China Plans to Promote, and Regulate, Digital Humans

October 14, 2022

We learn from Rest of World that “Beijing Will Regulate ‘Digital Humans’ in the Metaverse and Beyond.” Because of course it will. The proclamation was issued in the government’s four-year Action Plan, a document that indicates to businesses what it expects of them in the near future. The Chinese seem quite taken with “digital humans,” from virtual idols to game avatars, and President Xi Jinping is eager to capitalize on the trend. Reporter Meaghan Tobin specifies:

“The plan envisions huge growth in the next few years, projecting that by 2025, revenue will hit $7.3 billion in the capital city alone — and expecting that virtual humans will assist with online banking, shopping, and travel services within the next few years.”

Though the growing virtual idol industry has a real problem with overworked employees, that is not a focus of the plan. It has two main priorities: One, naturally, is to promote the “healthy and orderly development of society.” Aka censorship. The other is the security of personal information. That sounds like a good thing—until one considers the government seeks to secure this data for its own purposes. Protecting users from criminals may be just a side benefit. Citing Hanyu Liu, an analysis of China’s gaming and metaverse industries, Tobin continues:

“The plan also signals that Beijing will take a more active role in handling the personal data generated by these platforms. Some of the directives outlined in the plan require any user-facing aspect of the digital human industry to be subject to rules that protect information about and generated by platform users, while also treating user data as a resource to be traded on the country’s new data exchanges. As is the case on almost all user-facing tech platforms in China today, Liu noted, any users of metaverse or gaming platforms that could be considered part of the digital human industry will likely be required to tie their online personas to their real-life identification documents.”

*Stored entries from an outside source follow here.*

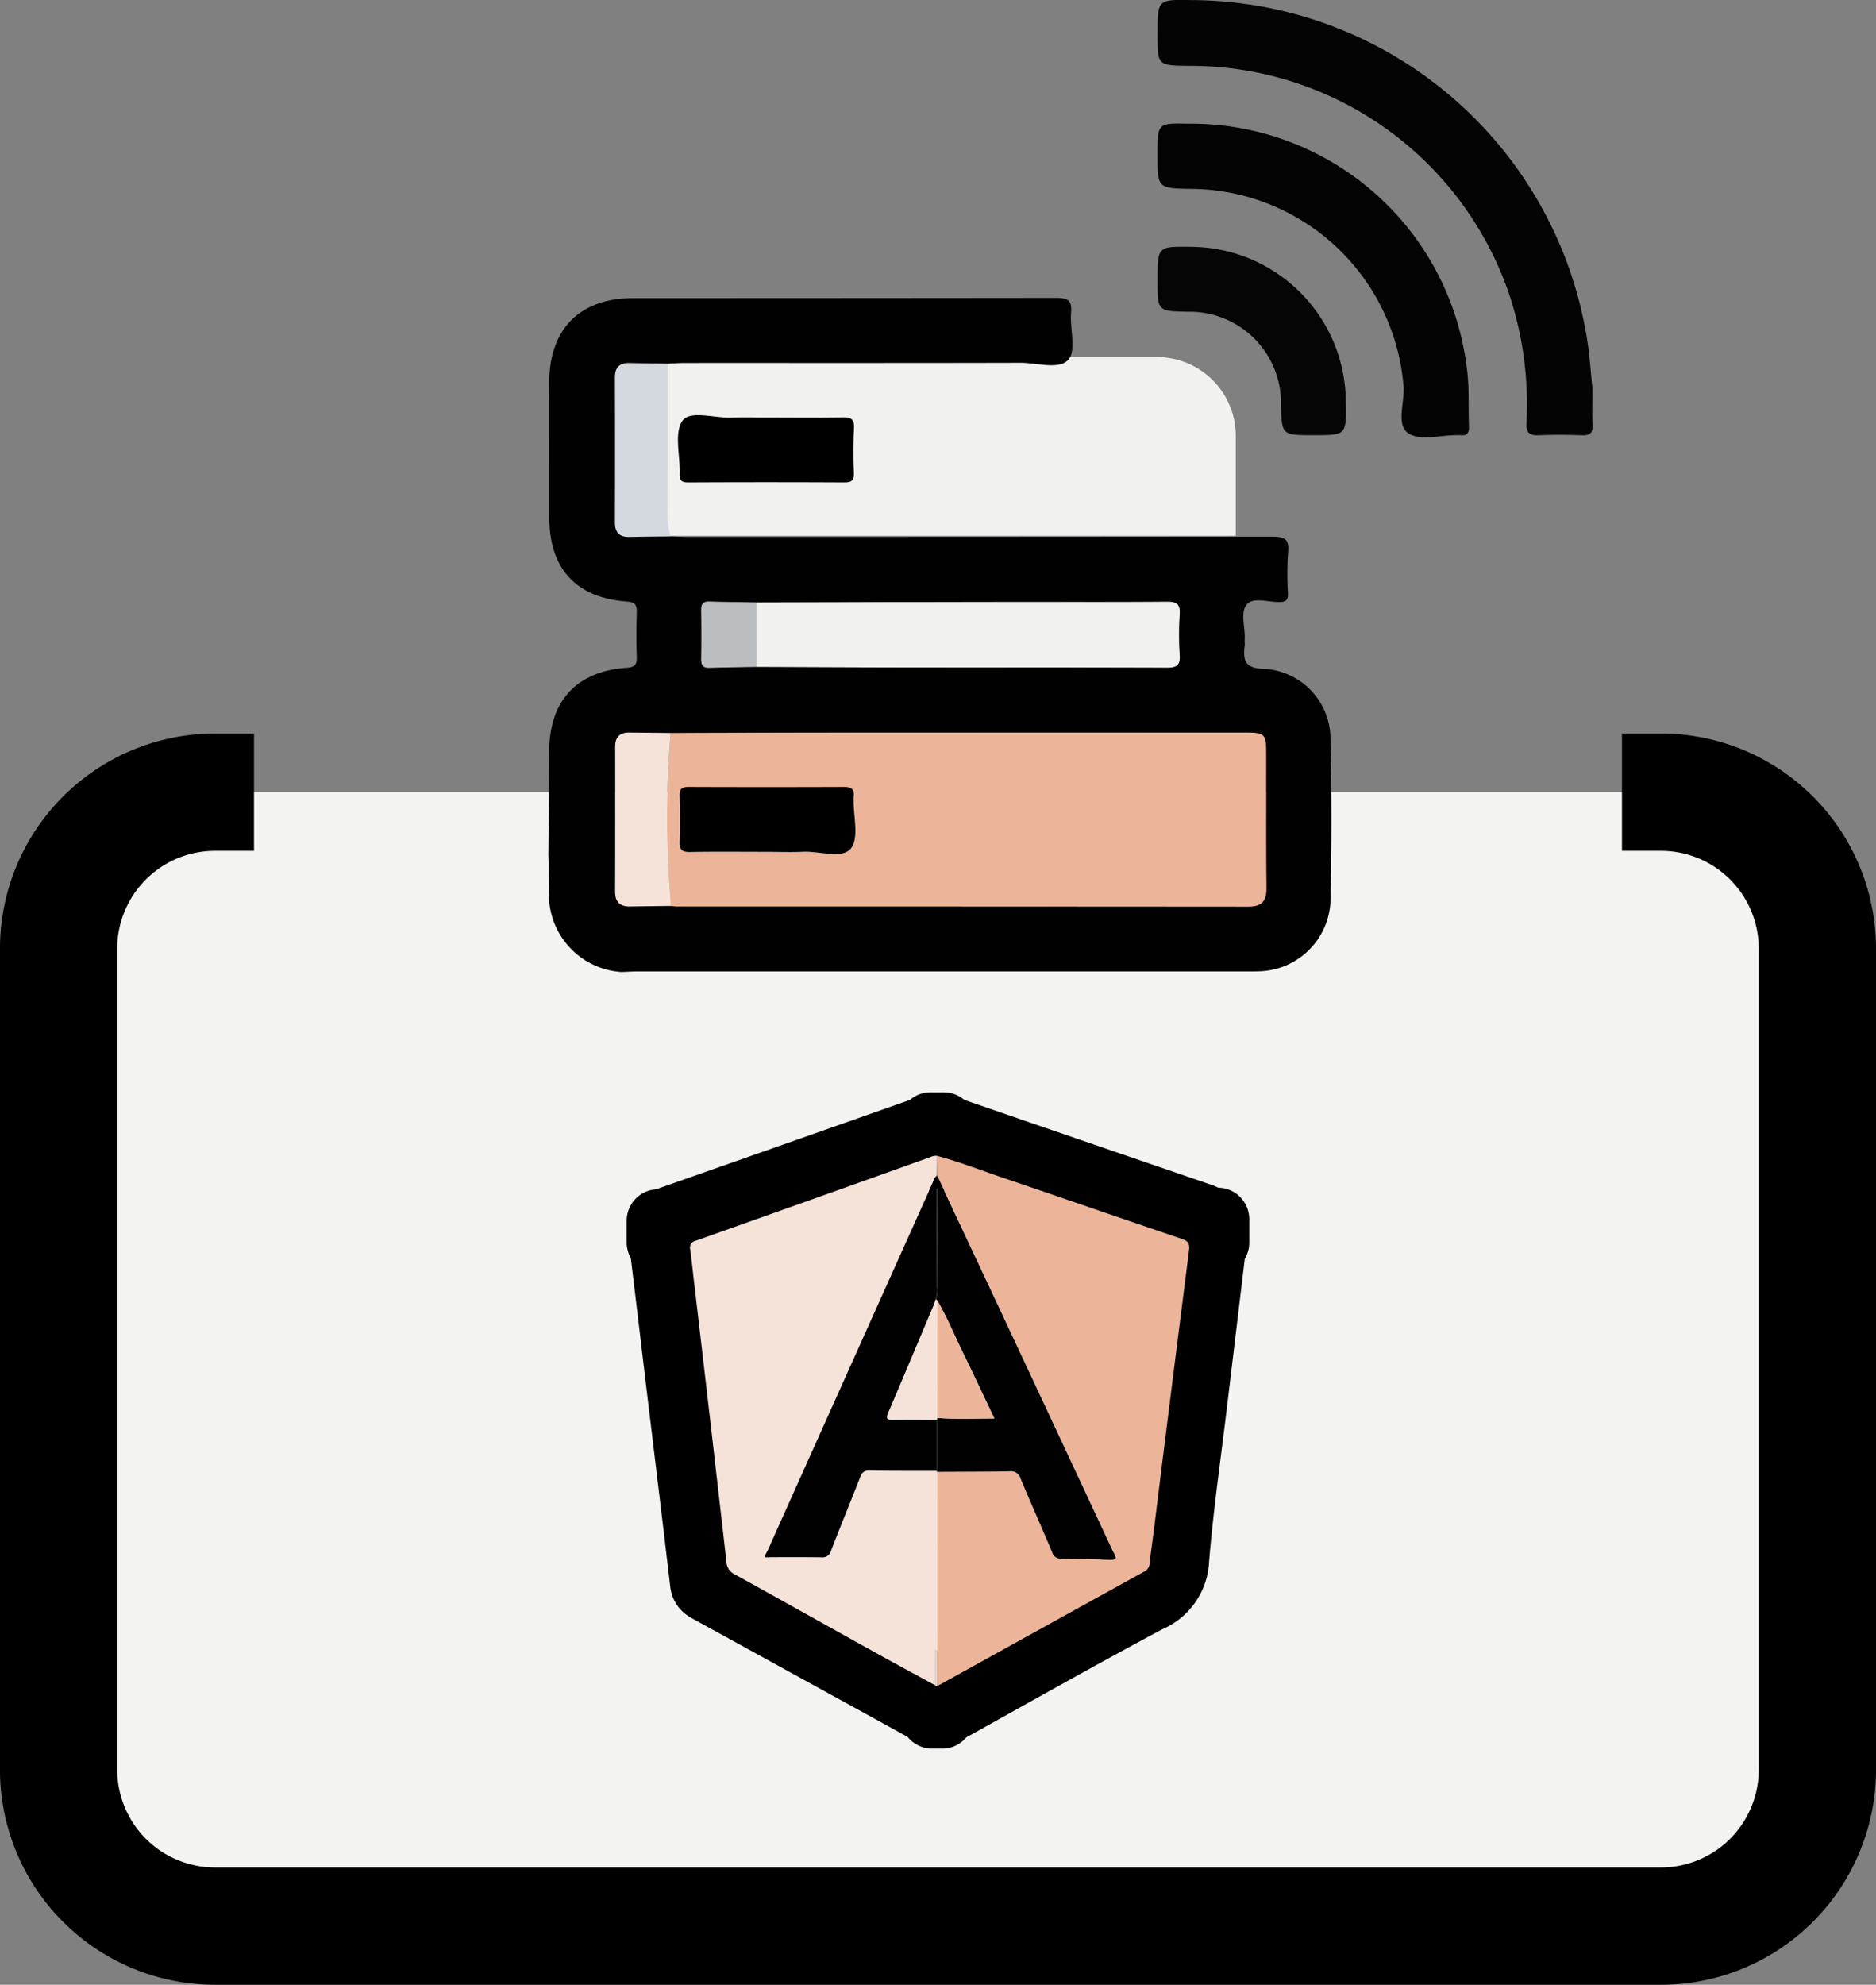 <svg xmlns="http://www.w3.org/2000/svg" width="119.151" height="126" viewBox="0 0 119.151 126">
  <rect x="0" y="0" width="119.151" height="126" fill="#808080" stroke="none"/>
  <g id="Angular_JS_development_for_server-side_technologies" data-name="Angular JS development for server-side technologies" transform="translate(-1 4.636)">
    <g id="Group_17213" data-name="Group 17213" transform="translate(1 -4.636)">
      <g id="Group_17207" data-name="Group 17207" transform="translate(0 0)">
        <g id="Group_17124" data-name="Group 17124" transform="translate(0 0)">
          <path id="Path_73348" data-name="Path 73348" d="M101.775,71.987a9.927,9.927,0,0,0,9.929-9.929V9.929A9.927,9.927,0,0,0,101.775,0H9.929A9.927,9.927,0,0,0,0,9.929V62.058a9.927,9.927,0,0,0,9.929,9.929Z" transform="translate(115.427 122.276) rotate(180)" fill="#f3f3f1"/>
          <path id="Path_73349" data-name="Path 73349" d="M105.5,79.434h-2.482V71.987H105.5a6.214,6.214,0,0,0,6.206-6.206V13.653A6.214,6.214,0,0,0,105.5,7.447H13.653a6.214,6.214,0,0,0-6.206,6.206V65.781a6.214,6.214,0,0,0,6.206,6.206h2.482v7.447H13.653A13.664,13.664,0,0,1,0,65.781V13.653A13.664,13.664,0,0,1,13.653,0H105.5a13.664,13.664,0,0,1,13.653,13.653V65.781A13.664,13.664,0,0,1,105.5,79.434Z" transform="translate(119.151 126) rotate(180)"/>
          <g id="Group_18914" data-name="Group 18914" transform="translate(34.828)">
            <g id="Group_18913" data-name="Group 18913">
              <path id="Path_74222" data-name="Path 74222" d="M2116.885-949.332c0,.981-.029,1.661.009,2.338.03.52-.171.675-.669.658-.9-.03-1.811-.043-2.714,0-.628.032-.843-.154-.816-.81a22.083,22.083,0,0,0-1.057-8.019,21.4,21.4,0,0,0-20.382-14.623c-1.994-.02-1.994-.02-1.994-2.03,0-2.185,0-2.185,2.169-2.145a25.539,25.539,0,0,1,25.036,21.079C2116.709-951.616,2116.772-950.318,2116.885-949.332Z" transform="translate(-2050.572 973.968)" fill="#040404"/>
              <path id="Path_74223" data-name="Path 74223" d="M2091.518-943.717a17.654,17.654,0,0,1,17.392,15.522c.167,1.209.085,2.451.134,3.678.016.395-.087.631-.534.574a1.616,1.616,0,0,0-.194,0c-1.066-.005-2.4.376-3.127-.122-.79-.539-.218-1.961-.3-2.994a13.635,13.635,0,0,0-13.416-12.518c-2.212-.027-2.212-.027-2.212-2.187,0-1.991,0-1.991,1.963-1.952C2091.324-943.715,2091.421-943.717,2091.518-943.717Z" transform="translate(-2050.574 951.568)" fill="#040404"/>
              <path id="Path_74224" data-name="Path 74224" d="M2099.166-901.6c-2.017,0-2.017,0-2.061-1.953a5.8,5.8,0,0,0-5.911-5.882c-1.932-.037-1.932-.037-1.932-1.985,0-2.17,0-2.17,2.158-2.136a9.881,9.881,0,0,1,9.8,9.817C2101.258-901.6,2101.258-901.6,2099.166-901.6Z" transform="translate(-2050.572 929.227)" fill="#050505"/>
              <path id="Path_74227" data-name="Path 74227" d="M1969.349-798.25q6.546-.015,13.093-.028,11.64-.007,23.279,0c1.417,0,1.457.042,1.457,1.492,0,2.781-.02,5.561.012,8.342.01.86-.276,1.222-1.174,1.221q-18.139-.026-36.277-.013c-.129,0-.257-.021-.386-.032A64.472,64.472,0,0,1,1969.349-798.25Zm6.079,7.548c.776,0,1.553.031,2.327-.008,1.052-.053,2.491.479,3.048-.213.527-.655.151-2.036.172-3.1a1.864,1.864,0,0,1,0-.194c.061-.47-.155-.608-.609-.606q-4.946.021-9.893,0c-.426,0-.561.149-.551.564.022.969.033,1.941,0,2.909-.02.517.157.662.661.654C1972.194-790.719,1973.811-790.7,1975.427-790.7Z" transform="translate(-1961.578 844.78)" fill="#ecb599"/>
              <path id="Path_74228" data-name="Path 74228" d="M1991.026-830.268q7.989-.017,15.977-.034c3.358,0,6.715.014,10.072-.014.614,0,.875.127.834.792a21.359,21.359,0,0,0,0,2.613c.041.663-.217.8-.832.793-5.327-.023-10.653-.009-15.98-.015-3.356,0-6.713-.021-10.07-.033Z" transform="translate(-1977.807 868.509)" fill="#f1f1ef"/>
              <path id="Path_74229" data-name="Path 74229" d="M1959.908-798.247a64.472,64.472,0,0,0,0,10.981q-1.3.017-2.6.035c-.639.009-.938-.3-.936-.942q.01-4.584,0-9.168c0-.652.291-.946.933-.935C1958.172-798.262,1959.04-798.257,1959.908-798.247Z" transform="translate(-1952.138 844.777)" fill="#f5e2d9"/>
              <path id="Path_74230" data-name="Path 74230" d="M1980.973-830.3v4.1c-.992.017-1.985.023-2.976.058-.429.015-.551-.169-.544-.57q.026-1.539,0-3.078c-.007-.4.113-.586.543-.571C1978.988-830.322,1979.981-830.317,1980.973-830.3Z" transform="translate(-1967.754 868.54)" fill="#bbbec1"/>
              <path id="Path_74231" data-name="Path 74231" d="M1977.711-780.816c-1.617,0-3.233-.018-4.85.01-.5.009-.68-.137-.661-.654.037-.968.026-1.94,0-2.909-.01-.415.125-.566.551-.564q4.946.019,9.893,0c.454,0,.671.136.609.606a1.9,1.9,0,0,0,0,.194c-.021,1.062.355,2.443-.172,3.1-.557.692-2,.16-3.048.213C1979.264-780.785,1978.487-780.816,1977.711-780.816Z" transform="translate(-1963.862 834.894)"/>
              <path id="Rectangle_11445" data-name="Rectangle 11445" d="M0,0H31.88a5,5,0,0,1,5,5v6.348a0,0,0,0,1,0,0H0a0,0,0,0,1,0,0V0A0,0,0,0,1,0,0Z" transform="translate(6.78 22.67)" fill="#f1f1ef"/>
              <path id="Path_74244" data-name="Path 74244" d="M1959.88-877.75c-.87.01-1.74.01-2.609.033-.652.017-.939-.284-.937-.931q.011-4.594,0-9.189c0-.651.3-.946.942-.929.8.021,1.609.03,2.414.045,0,3.216,0,6.432-.012,9.649A4.343,4.343,0,0,0,1959.88-877.75Z" transform="translate(-1952.11 911.803)" fill="#d3d9de"/>
              <path id="Path_74245" data-name="Path 74245" d="M1940.045-869.333c.018-2.2.041-4.392.054-6.587.018-3.186,1.74-5.062,4.918-5.28.521-.036.657-.2.641-.687-.031-.936-.026-1.875,0-2.812.012-.463-.078-.666-.621-.706-3.247-.243-4.931-2.093-4.936-5.36q-.006-4.267,0-8.534c0-3.413,1.945-5.369,5.325-5.369q13.431,0,26.861-.016c.726,0,1.027.132.958.928-.088,1.023.347,2.412-.172,2.994-.59.663-2,.194-3.052.2-7.111.018-14.223.009-21.334.011-.354,0-.709.028-1.063.043-.8-.015-1.609-.024-2.414-.045-.643-.017-.944.278-.943.929q.012,4.594,0,9.189c0,.646.285.948.937.931.87-.023,1.739-.023,2.609-.033.355.01.71.029,1.064.03q18.576,0,37.151-.018c.788,0,1.082.152,1,.984a20.843,20.843,0,0,0-.01,2.617c.014.422-.125.549-.547.552-.7.006-1.646-.322-2.047.131-.467.528-.1,1.48-.152,2.246-.009.129.013.26,0,.388-.12.952.022,1.456,1.255,1.475a4.461,4.461,0,0,1,4.187,4.224q.133,5.331,0,10.667a4.655,4.655,0,0,1-4.372,4.3c-.387.022-.776.015-1.164.015q-19.205,0-38.411,0c-.354,0-.709.023-1.064.036a4.92,4.92,0,0,1-4.607-5.314C1940.093-867.92,1940.063-868.627,1940.045-869.333Zm13.22-11.918c3.356.011,6.713.03,10.07.033,5.327.006,10.653-.008,15.98.015.615,0,.873-.13.832-.793a21.358,21.358,0,0,1,0-2.613c.041-.664-.22-.8-.833-.792-3.357.028-6.715.009-10.072.014q-7.989.012-15.977.034c-.992-.018-1.985-.023-2.976-.058-.43-.015-.549.171-.543.571q.026,1.539,0,3.078c-.007.4.115.585.544.57C1951.28-881.229,1952.273-881.234,1953.265-881.252Zm-5.45,4.187c-.868-.009-1.736-.014-2.6-.03-.642-.011-.935.283-.933.935q.015,4.584,0,9.168c0,.645.3.951.936.942q1.3-.019,2.6-.034c.129.011.257.032.385.032q18.139,0,36.277.013c.9,0,1.184-.361,1.174-1.221-.032-2.78-.011-5.561-.012-8.341,0-1.45-.041-1.492-1.457-1.492q-11.639,0-23.279,0Q1954.362-877.089,1947.815-877.065Z" transform="translate(-1940.045 923.595)" fill="#010101"/>
              <path id="Path_74246" data-name="Path 74246" d="M1977.532-875.811c1.552,0,3.1.021,4.656-.011.548-.011.823.066.779.718a27.517,27.517,0,0,0-.006,2.812c.017.469-.137.6-.6.6q-4.947-.026-9.894,0c-.392,0-.585-.069-.569-.522.042-1.159-.373-2.608.177-3.392.481-.685,2.045-.152,3.129-.2C1975.978-875.838,1976.755-875.811,1977.532-875.811Z" transform="translate(-1963.556 902.317)"/>
            </g>
          </g>
          <g id="Group_18915" data-name="Group 18915" transform="translate(41.806 71.351)">
            <g id="Group_18915-2" data-name="Group 18915">
              <path id="Path_74232" data-name="Path 74232" d="M1445.539-1062.768v1.485c-.04-.083-.1-.1-.149-.02a.524.524,0,0,0-.048.2q-.591,4.916-1.181,9.833c-.4,3.365-.893,6.724-1.17,10.1a2.929,2.929,0,0,1-1.842,2.63c-4.264,2.273-8.471,4.653-12.693,7-.156.087-.448.075-.422.382h-.636a.535.535,0,0,0,.07-.057.32.32,0,0,0-.093-.122q-1.735-.961-3.474-1.916l-10.711-5.885c-.213-.117-.4-.21-.439-.525-.477-4.067-.976-8.132-1.465-12.2-.367-3.049-.726-6.1-1.1-9.149-.013-.106.071-.323-.19-.278v-1.379a.883.883,0,0,0,.253-.012q8.437-2.964,16.87-5.936c.089-.032.254-.022.169-.206h.849a.308.308,0,0,0-.037.038c-.008.01-.019.031-.015.036.12.152.31.162.472.218q8.011,2.762,16.027,5.507A1.972,1.972,0,0,0,1445.539-1062.768Zm-17.929,29.605c.035.051.071.054.109,0a.36.36,0,0,0,.1-.022q6.539-3.618,13.079-7.235a.578.578,0,0,0,.308-.507c.082-.737.191-1.472.284-2.208q1.109-8.835,2.223-17.67c.053-.412-.054-.58-.454-.715-3.831-1.294-7.653-2.616-11.481-3.921-1.351-.461-2.683-.982-4.065-1.352a.717.717,0,0,0-.411.07q-7.459,2.664-14.922,5.317a.455.455,0,0,0-.355.582c.087.63.149,1.263.223,1.895q1.042,8.951,2.071,17.9a.923.923,0,0,0,.538.808c2.939,1.622,5.867,3.265,8.8,4.894C1424.972-1034.592,1426.293-1033.881,1427.61-1033.162Z" transform="translate(-1410 1068.815)" stroke="#000" stroke-linejoin="round" stroke-width="4"/>
              <path id="Path_74233" data-name="Path 74233" d="M1576.764-1049.73c1.382.37,2.714.891,4.065,1.352,3.828,1.3,7.65,2.627,11.481,3.921.4.135.507.3.454.715q-1.126,8.833-2.223,17.67c-.092.736-.2,1.471-.284,2.208a.578.578,0,0,1-.308.507q-6.542,3.614-13.079,7.235a.363.363,0,0,1-.1.022q0-6.747-.007-13.494c0-.024,0-.048,0-.071,1.537-.01,3.075-.008,4.612-.04a.638.638,0,0,1,.7.477c.651,1.561,1.337,3.107,2,4.665a.543.543,0,0,0,.574.4c.972,0,1.944.042,2.916.065.622.014.623.011.363-.545q-3.566-7.629-7.134-15.257-1.973-4.215-3.96-8.423l-.074-.144Q1576.758-1049.1,1576.764-1049.73Z" transform="translate(-1559.049 1051.756)" fill="#ecb599"/>
              <path id="Path_74234" data-name="Path 74234" d="M1444.689-1049.816q-.007.634-.013,1.267c-.161.1-.2.287-.269.443q-5.241,11.66-10.473,23.323c-.069.155-.2.3-.159.446,1.2,0,2.38-.01,3.562.007a.555.555,0,0,0,.615-.423c.6-1.563,1.242-3.113,1.854-4.673a.524.524,0,0,1,.57-.409c1.432.022,2.864.013,4.3.016a.079.079,0,0,0,.015.068c0,.024,0,.048,0,.072a1.186,1.186,0,0,0-.1.722q0,6.384,0,12.768c-1.317-.719-2.638-1.43-3.949-2.158-2.935-1.629-5.862-3.273-8.8-4.894a.924.924,0,0,1-.538-.808q-1.016-8.953-2.071-17.9c-.073-.632-.136-1.265-.223-1.9a.455.455,0,0,1,.355-.582q7.466-2.646,14.923-5.317A.714.714,0,0,1,1444.689-1049.816Z" transform="translate(-1426.974 1051.842)" fill="#f5e2d9"/>
              <path id="Path_74235" data-name="Path 74235" d="M1575.83-846.559q0-6.384,0-12.768a1.188,1.188,0,0,1,.1-.722q0,6.747.007,13.494C1575.9-846.505,1575.865-846.508,1575.83-846.559Z" transform="translate(-1558.221 882.212)" fill="#f5e2d9"/>
              <path id="Path_74236" data-name="Path 74236" d="M1576.17-1017.782a.08.08,0,0,1-.015-.068q0-1.627,0-3.254a.546.546,0,0,1,.024-.1c1.183.08,2.365.035,3.628.028-.7-1.464-1.34-2.83-2-4.185-.539-1.1-1.005-2.24-1.622-3.3l-.092-.083a1.761,1.761,0,0,0,.077-.729q0-3.117-.009-6.234a1.669,1.669,0,0,1,.076-.729q1.98,4.211,3.959,8.423,3.571,7.627,7.134,15.257c.26.555.259.559-.363.545-.972-.022-1.944-.065-2.916-.065a.542.542,0,0,1-.573-.4c-.658-1.558-1.344-3.1-2-4.665a.638.638,0,0,0-.7-.477C1579.245-1017.789,1577.708-1017.792,1576.17-1017.782Z" transform="translate(-1558.457 1039.872)" fill="#010101"/>
              <path id="Path_74237" data-name="Path 74237" d="M1484.9-1022.314q0,1.627,0,3.254c-1.432,0-2.865.006-4.3-.016a.524.524,0,0,0-.57.409c-.612,1.56-1.25,3.11-1.854,4.673a.555.555,0,0,1-.615.423c-1.182-.017-2.363-.007-3.562-.007-.04-.149.09-.291.159-.446q5.232-11.664,10.473-23.323c.07-.156.108-.339.269-.443l.074.144a1.665,1.665,0,0,0-.076.729q0,3.117.009,6.234a1.759,1.759,0,0,1-.077.729l-.112.332c-.971,2.3-1.936,4.6-2.917,6.9-.155.362-.036.413.294.409C1483.029-1022.329,1483.963-1022.317,1484.9-1022.314Z" transform="translate(-1467.199 1041.084)" fill="#010101"/>
              <path id="Path_74238" data-name="Path 74238" d="M1576.892-963.2c.617,1.064,1.083,2.2,1.621,3.3.663,1.355,1.3,2.721,2,4.186-1.264.006-2.445.051-3.628-.029h0Z" transform="translate(-1559.168 974.41)" fill="#ecb599"/>
              <path id="Path_74239" data-name="Path 74239" d="M1550.083-953.541c-.934,0-1.867-.014-2.8,0-.33,0-.449-.048-.294-.409.982-2.294,1.947-4.6,2.918-6.895a.941.941,0,0,1,.095.615c0,1.977,0,3.953,0,5.93a1.038,1.038,0,0,0,.1.667h0A.569.569,0,0,0,1550.083-953.541Z" transform="translate(-1532.386 972.311)" fill="#f5e2d9"/>
              <path id="Path_74240" data-name="Path 74240" d="M1575.231-956.432a1.038,1.038,0,0,1-.1-.667c0-1.977,0-3.953,0-5.93a.94.94,0,0,0-.1-.615l.112-.332.092.083Q1575.235-960.163,1575.231-956.432Z" transform="translate(-1557.515 975.106)" fill="#f5e2d9"/>
            </g>
          </g>
        </g>
      </g>
    </g>
  </g>
</svg>

So we should not expect to see a wave of virtual protestors in China any time soon. According to Qiheng Chen, who has analyzed China’s tech policies, this push is an effort to garner talent and funds that will support its larger goal—making the country more self-sufficient in related industries like semiconductors and artificial intelligence. Those do sound a bit more strategic than simply embracing the whimsy of digital pop stars.